Fraternity House

By Olivia Millunzi, Heritage Frederick
The Maryland Odd Fellows Home was dedicated on July 26, 1925. The Independent Order of Odd Fellows fraternal organization was founded in Baltimore on April 26, 1819, based upon the Ancient Order of the Society of Odd Fellows in England. In September 1851, the Odd Fellows became the first fraternity in the United State to include women by forming the Beautiful Rebekah Degree.
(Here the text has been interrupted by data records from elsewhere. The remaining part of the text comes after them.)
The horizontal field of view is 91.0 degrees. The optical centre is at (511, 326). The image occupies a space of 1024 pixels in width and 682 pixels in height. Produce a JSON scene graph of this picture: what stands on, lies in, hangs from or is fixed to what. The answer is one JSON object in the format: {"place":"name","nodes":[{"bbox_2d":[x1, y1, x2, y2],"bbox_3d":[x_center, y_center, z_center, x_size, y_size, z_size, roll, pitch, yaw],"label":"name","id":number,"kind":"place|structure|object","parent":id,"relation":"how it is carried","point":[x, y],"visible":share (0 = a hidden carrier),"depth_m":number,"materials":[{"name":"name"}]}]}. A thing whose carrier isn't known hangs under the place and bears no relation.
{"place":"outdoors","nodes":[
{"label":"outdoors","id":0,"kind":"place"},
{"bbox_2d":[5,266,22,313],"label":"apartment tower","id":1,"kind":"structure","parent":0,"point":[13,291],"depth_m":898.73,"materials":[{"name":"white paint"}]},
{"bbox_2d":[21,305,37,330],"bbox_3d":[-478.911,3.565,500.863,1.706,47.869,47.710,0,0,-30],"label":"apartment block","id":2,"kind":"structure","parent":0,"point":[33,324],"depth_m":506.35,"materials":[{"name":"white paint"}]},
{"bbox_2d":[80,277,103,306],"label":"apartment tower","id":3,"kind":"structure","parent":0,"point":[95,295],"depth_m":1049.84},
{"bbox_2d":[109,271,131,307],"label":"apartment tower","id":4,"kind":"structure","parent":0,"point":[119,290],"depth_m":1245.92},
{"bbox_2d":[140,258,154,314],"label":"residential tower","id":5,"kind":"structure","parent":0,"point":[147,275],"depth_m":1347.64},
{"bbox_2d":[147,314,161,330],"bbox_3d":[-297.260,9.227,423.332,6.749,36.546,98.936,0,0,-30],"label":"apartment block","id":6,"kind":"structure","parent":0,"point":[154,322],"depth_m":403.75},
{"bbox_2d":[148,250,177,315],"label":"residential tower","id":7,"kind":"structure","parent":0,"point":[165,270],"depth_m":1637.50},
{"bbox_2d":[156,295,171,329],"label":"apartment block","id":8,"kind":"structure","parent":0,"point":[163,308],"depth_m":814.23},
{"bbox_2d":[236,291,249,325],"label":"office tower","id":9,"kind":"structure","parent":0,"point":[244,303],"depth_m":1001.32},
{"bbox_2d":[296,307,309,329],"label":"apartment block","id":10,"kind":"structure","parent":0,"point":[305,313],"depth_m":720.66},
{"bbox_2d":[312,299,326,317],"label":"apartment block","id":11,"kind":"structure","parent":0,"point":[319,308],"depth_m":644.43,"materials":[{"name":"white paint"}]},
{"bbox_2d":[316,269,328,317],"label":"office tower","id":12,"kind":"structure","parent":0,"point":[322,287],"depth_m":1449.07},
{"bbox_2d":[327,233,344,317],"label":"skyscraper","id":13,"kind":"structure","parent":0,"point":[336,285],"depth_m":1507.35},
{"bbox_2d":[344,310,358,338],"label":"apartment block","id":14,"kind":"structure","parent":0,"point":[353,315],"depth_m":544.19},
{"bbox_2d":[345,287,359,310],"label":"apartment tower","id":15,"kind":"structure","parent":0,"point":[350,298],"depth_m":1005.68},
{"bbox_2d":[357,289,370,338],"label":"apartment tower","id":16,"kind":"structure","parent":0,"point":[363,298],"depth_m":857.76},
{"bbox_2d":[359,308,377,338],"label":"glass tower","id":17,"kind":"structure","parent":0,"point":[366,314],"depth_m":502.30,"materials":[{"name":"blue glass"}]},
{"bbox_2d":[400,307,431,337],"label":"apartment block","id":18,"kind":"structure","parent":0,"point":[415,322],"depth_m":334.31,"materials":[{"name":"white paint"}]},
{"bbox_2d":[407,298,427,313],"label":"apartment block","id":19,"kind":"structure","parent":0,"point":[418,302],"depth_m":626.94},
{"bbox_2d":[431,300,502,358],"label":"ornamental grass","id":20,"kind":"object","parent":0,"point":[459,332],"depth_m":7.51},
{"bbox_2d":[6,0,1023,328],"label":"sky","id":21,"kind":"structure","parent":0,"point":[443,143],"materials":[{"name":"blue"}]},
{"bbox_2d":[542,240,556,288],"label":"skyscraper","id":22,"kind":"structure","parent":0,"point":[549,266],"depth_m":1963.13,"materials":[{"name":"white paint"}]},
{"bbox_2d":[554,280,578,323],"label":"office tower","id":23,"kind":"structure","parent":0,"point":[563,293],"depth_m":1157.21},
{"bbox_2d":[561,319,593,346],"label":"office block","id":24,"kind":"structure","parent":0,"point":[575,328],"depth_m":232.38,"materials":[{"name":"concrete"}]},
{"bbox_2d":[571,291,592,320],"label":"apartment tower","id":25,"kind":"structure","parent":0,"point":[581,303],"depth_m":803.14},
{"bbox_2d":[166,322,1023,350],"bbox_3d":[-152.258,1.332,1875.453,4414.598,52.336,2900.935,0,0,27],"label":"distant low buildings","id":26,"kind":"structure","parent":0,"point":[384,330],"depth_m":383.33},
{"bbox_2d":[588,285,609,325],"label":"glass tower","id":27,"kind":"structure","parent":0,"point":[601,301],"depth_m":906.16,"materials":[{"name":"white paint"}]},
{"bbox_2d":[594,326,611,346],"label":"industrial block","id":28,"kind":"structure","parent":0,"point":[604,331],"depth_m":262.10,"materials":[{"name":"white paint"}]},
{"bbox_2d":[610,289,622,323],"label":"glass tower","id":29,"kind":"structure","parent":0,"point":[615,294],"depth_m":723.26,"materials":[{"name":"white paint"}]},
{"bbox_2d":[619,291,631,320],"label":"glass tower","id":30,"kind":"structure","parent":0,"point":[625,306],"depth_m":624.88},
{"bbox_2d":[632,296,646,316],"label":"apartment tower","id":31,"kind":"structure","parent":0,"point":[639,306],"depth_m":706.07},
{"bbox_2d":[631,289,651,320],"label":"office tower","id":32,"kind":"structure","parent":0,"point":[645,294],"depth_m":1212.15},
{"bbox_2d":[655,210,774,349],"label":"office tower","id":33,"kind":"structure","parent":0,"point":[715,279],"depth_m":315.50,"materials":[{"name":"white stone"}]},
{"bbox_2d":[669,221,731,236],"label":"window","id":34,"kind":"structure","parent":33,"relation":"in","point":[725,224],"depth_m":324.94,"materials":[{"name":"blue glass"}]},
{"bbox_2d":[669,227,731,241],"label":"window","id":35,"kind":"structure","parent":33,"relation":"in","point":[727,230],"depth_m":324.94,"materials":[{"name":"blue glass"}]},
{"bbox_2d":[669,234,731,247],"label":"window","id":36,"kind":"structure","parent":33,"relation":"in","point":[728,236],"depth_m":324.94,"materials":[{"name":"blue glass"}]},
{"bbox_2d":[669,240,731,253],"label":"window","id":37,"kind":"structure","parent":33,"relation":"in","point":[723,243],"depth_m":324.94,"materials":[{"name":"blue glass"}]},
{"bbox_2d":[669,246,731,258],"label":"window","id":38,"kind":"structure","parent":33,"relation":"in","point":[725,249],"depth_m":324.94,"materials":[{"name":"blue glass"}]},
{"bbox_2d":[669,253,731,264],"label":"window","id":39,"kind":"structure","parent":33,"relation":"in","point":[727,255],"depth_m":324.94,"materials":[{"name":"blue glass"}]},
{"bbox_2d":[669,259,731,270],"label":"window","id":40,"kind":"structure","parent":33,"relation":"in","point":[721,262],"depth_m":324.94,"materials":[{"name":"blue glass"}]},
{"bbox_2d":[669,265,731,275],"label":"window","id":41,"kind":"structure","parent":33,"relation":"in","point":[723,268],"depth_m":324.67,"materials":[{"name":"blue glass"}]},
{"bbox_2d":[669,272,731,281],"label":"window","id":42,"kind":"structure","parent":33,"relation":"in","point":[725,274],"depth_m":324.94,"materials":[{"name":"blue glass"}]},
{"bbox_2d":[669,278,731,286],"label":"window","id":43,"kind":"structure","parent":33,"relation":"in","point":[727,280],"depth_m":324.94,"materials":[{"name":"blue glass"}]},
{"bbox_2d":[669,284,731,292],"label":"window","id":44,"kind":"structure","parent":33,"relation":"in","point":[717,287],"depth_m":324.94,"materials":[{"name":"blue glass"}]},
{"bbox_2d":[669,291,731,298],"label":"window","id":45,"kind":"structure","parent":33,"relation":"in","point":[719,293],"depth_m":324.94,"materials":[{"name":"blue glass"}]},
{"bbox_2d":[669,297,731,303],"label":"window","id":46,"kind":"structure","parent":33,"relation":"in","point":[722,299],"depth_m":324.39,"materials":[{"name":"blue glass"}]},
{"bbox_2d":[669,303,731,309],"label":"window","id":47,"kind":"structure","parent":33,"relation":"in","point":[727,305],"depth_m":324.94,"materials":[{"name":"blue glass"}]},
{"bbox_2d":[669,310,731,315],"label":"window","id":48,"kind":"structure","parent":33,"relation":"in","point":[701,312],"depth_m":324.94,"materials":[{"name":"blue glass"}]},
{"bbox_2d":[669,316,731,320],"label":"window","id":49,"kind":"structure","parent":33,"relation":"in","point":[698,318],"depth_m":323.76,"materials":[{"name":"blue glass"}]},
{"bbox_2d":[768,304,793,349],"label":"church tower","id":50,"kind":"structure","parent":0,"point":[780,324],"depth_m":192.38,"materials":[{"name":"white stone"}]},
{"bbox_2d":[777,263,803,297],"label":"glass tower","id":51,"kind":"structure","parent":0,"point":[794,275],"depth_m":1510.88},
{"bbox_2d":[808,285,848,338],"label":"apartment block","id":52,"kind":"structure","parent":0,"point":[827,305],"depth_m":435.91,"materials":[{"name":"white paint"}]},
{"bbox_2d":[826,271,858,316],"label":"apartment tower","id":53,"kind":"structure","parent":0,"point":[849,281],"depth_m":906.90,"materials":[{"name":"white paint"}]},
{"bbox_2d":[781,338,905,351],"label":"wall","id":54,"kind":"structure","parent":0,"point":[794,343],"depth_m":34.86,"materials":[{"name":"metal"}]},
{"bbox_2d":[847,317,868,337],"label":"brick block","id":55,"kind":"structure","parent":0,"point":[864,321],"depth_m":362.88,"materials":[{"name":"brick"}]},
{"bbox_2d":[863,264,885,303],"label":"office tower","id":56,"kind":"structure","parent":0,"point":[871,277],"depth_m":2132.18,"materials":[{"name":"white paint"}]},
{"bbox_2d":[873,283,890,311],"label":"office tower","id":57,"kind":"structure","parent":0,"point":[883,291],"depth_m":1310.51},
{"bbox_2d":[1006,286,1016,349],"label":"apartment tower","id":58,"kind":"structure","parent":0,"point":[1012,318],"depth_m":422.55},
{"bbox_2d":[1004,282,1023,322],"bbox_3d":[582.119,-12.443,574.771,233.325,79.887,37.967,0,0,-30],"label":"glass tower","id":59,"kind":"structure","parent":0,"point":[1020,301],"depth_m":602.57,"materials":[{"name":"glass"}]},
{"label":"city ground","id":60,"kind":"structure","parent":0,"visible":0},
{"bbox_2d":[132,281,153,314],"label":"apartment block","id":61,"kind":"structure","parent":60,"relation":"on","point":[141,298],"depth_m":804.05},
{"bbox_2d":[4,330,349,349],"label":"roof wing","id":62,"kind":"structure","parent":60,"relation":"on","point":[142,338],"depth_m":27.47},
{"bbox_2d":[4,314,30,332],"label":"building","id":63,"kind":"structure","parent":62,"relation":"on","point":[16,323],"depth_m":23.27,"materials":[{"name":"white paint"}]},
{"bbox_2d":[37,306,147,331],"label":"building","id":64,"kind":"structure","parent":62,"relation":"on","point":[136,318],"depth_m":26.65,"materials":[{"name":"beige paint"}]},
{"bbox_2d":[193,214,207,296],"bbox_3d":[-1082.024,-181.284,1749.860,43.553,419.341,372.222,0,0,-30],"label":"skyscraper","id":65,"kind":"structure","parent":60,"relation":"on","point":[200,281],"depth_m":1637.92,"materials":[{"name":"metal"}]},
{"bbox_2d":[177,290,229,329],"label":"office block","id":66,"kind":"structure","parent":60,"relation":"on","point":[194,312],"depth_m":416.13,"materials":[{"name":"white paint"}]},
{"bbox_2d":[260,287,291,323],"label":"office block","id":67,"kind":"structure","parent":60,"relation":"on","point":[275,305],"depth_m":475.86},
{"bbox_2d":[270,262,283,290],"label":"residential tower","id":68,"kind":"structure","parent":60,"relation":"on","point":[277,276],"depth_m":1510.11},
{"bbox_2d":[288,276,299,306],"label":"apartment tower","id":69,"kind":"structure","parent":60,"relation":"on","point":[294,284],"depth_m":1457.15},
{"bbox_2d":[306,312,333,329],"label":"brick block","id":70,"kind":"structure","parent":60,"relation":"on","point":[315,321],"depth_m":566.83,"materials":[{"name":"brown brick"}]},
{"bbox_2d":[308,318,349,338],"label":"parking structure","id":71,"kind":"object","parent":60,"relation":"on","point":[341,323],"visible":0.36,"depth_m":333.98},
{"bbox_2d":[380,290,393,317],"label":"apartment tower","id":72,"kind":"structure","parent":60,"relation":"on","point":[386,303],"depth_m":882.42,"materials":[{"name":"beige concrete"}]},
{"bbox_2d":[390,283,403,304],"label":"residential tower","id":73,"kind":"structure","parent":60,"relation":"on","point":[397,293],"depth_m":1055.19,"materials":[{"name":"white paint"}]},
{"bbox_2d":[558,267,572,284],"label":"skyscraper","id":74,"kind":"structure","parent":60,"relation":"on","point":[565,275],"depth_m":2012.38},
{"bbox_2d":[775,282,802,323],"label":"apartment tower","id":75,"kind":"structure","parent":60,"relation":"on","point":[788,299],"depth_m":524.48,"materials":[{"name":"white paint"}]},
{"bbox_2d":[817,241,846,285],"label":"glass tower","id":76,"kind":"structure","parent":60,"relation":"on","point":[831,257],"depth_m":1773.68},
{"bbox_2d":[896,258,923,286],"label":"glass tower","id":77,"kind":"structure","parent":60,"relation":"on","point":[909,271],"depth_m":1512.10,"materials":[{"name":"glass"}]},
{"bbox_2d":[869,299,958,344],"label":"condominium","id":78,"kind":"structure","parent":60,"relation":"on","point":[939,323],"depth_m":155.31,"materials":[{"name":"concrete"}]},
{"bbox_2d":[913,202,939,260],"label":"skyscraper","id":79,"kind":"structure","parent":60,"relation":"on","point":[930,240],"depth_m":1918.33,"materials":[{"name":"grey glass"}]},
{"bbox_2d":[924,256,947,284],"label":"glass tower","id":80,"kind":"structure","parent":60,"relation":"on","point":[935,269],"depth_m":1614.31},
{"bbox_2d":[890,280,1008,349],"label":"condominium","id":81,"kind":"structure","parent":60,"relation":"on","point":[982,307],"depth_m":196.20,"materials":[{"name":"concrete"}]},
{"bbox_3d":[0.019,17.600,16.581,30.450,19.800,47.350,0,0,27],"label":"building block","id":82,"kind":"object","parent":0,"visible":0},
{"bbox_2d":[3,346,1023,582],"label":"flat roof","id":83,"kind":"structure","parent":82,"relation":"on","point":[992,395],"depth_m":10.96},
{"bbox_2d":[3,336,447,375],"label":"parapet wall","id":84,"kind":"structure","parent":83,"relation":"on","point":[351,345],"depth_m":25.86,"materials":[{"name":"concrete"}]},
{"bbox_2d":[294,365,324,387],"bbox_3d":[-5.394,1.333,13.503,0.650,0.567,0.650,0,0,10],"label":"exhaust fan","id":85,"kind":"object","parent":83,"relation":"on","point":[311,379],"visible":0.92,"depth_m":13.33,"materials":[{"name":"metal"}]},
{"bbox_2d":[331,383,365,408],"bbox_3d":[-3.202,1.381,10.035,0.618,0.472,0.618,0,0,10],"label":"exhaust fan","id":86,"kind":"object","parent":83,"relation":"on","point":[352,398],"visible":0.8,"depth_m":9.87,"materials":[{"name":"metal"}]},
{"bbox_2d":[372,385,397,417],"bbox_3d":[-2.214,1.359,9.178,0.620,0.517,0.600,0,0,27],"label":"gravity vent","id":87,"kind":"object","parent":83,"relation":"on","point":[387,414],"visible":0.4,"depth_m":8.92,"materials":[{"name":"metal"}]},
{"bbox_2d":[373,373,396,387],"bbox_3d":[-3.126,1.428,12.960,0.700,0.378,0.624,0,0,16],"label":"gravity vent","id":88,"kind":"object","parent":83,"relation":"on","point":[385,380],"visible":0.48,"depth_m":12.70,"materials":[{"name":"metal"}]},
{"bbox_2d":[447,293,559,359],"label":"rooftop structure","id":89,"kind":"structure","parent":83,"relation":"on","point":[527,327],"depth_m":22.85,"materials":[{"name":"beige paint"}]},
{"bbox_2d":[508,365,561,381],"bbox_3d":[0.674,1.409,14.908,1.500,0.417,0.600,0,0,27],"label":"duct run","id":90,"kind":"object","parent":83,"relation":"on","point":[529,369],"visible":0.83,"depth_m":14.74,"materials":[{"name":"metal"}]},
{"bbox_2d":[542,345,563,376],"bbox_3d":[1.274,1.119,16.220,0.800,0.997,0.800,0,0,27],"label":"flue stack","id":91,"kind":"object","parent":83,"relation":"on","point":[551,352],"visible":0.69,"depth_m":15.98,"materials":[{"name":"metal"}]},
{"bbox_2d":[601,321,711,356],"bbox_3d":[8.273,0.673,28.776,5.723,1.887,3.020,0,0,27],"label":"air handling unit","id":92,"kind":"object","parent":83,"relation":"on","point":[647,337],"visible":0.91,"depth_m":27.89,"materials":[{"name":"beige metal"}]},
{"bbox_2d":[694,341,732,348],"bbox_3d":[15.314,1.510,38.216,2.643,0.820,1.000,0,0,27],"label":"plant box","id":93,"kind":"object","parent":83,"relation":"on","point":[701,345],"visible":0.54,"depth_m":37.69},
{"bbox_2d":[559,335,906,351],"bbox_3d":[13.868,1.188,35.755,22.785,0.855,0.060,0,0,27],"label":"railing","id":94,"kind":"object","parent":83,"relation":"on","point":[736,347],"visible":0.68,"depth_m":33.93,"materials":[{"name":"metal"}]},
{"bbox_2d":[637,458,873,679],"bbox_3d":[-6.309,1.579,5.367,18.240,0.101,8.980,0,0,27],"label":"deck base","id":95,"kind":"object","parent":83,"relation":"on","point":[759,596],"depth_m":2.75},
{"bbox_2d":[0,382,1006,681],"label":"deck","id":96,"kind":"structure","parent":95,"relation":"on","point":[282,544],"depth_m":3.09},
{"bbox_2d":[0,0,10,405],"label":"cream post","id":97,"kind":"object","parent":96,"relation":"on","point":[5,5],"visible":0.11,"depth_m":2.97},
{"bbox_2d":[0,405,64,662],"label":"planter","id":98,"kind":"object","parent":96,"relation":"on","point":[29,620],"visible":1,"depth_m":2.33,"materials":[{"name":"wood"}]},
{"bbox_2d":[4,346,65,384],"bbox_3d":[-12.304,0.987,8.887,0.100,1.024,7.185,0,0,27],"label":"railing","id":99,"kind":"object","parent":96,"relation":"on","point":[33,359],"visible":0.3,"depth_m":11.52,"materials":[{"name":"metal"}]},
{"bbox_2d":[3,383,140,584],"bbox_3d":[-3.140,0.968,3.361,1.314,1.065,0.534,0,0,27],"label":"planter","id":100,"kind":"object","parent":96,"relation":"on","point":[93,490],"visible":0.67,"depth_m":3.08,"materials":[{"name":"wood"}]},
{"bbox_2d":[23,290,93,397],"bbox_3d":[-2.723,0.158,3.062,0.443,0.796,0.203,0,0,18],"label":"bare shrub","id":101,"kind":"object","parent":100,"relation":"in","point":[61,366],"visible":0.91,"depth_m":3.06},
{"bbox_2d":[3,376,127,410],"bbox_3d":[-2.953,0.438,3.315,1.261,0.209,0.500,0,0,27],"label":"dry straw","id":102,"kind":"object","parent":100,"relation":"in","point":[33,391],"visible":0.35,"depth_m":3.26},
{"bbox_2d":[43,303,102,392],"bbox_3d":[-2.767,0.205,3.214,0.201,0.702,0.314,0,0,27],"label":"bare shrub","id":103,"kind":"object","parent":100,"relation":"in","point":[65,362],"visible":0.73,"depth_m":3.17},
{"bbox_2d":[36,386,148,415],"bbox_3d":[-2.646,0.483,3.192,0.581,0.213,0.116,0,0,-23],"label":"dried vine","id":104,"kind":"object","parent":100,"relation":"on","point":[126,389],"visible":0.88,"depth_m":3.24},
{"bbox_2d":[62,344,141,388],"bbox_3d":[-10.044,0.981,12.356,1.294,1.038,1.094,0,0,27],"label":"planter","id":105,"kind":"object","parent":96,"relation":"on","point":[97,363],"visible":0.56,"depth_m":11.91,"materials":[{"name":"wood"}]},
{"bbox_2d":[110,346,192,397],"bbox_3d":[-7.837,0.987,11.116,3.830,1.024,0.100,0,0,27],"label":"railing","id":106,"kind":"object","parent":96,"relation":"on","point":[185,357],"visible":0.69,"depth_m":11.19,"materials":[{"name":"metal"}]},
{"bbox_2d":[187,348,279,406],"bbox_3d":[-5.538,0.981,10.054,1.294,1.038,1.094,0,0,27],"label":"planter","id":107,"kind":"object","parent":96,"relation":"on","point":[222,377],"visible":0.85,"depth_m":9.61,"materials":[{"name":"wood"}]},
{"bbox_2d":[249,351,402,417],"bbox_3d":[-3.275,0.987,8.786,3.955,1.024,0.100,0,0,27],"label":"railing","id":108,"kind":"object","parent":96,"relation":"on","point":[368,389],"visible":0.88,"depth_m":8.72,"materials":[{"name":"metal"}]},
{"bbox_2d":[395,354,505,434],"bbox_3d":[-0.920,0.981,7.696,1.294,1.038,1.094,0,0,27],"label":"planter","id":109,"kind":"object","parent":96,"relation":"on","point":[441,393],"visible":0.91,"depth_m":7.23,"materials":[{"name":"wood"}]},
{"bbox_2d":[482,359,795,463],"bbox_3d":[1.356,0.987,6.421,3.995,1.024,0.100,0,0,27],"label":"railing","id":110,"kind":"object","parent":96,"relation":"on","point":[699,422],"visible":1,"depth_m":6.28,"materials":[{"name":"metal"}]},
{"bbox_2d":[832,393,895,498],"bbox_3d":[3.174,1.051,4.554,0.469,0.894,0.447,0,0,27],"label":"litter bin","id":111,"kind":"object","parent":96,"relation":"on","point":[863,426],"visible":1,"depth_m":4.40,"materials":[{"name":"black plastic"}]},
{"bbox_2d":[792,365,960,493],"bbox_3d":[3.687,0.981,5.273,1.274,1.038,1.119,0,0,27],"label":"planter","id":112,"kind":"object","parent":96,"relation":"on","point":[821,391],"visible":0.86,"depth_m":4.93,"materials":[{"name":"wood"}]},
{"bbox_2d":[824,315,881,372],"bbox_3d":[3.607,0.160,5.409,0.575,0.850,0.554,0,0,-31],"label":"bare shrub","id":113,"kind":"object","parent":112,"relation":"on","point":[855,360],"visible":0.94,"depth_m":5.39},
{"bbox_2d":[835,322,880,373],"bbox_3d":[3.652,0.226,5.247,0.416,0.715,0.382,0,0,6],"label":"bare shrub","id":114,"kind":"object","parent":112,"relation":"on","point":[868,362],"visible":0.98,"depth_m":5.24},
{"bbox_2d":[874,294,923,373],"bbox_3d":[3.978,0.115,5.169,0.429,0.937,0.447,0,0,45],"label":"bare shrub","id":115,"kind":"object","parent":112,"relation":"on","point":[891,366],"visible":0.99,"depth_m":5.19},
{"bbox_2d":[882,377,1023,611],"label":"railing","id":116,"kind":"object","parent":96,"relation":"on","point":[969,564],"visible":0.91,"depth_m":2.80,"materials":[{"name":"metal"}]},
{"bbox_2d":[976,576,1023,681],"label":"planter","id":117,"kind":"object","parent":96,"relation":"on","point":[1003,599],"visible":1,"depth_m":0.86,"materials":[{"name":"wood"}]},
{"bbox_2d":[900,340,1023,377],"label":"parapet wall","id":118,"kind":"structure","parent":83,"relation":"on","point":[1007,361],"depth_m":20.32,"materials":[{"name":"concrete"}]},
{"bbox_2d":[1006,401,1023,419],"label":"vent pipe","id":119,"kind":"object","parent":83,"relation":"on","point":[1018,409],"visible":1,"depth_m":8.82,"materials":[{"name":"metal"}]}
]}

Nineteenth-century fraternal organizations drew new members by offering health insurance and other social welfare services. The Odd Fellows Home was a key part of this mission since it housed retired and indigent members, as well as the widows and orphans of deceased members. The three central buildings—two dormitories and an administration building—were designed by Baltimore architect Joseph Evans Sperry. Sperry was known for his Colonial Revival buildings, including additions to Johns Hopkins University and the women’s building of the Springfield State Hospital; all of these projects used the colony style, where several separate buildings were built on a central quadrangle. The Odd Fellows Home, supported by an on-site 95-acre farm and dairy, had more than 600 residents by 1970. But in 2003, there were only 13 residents left, and the Odd Fellows began renting buildings to The Banner School; in August of that year, the home closed permanently.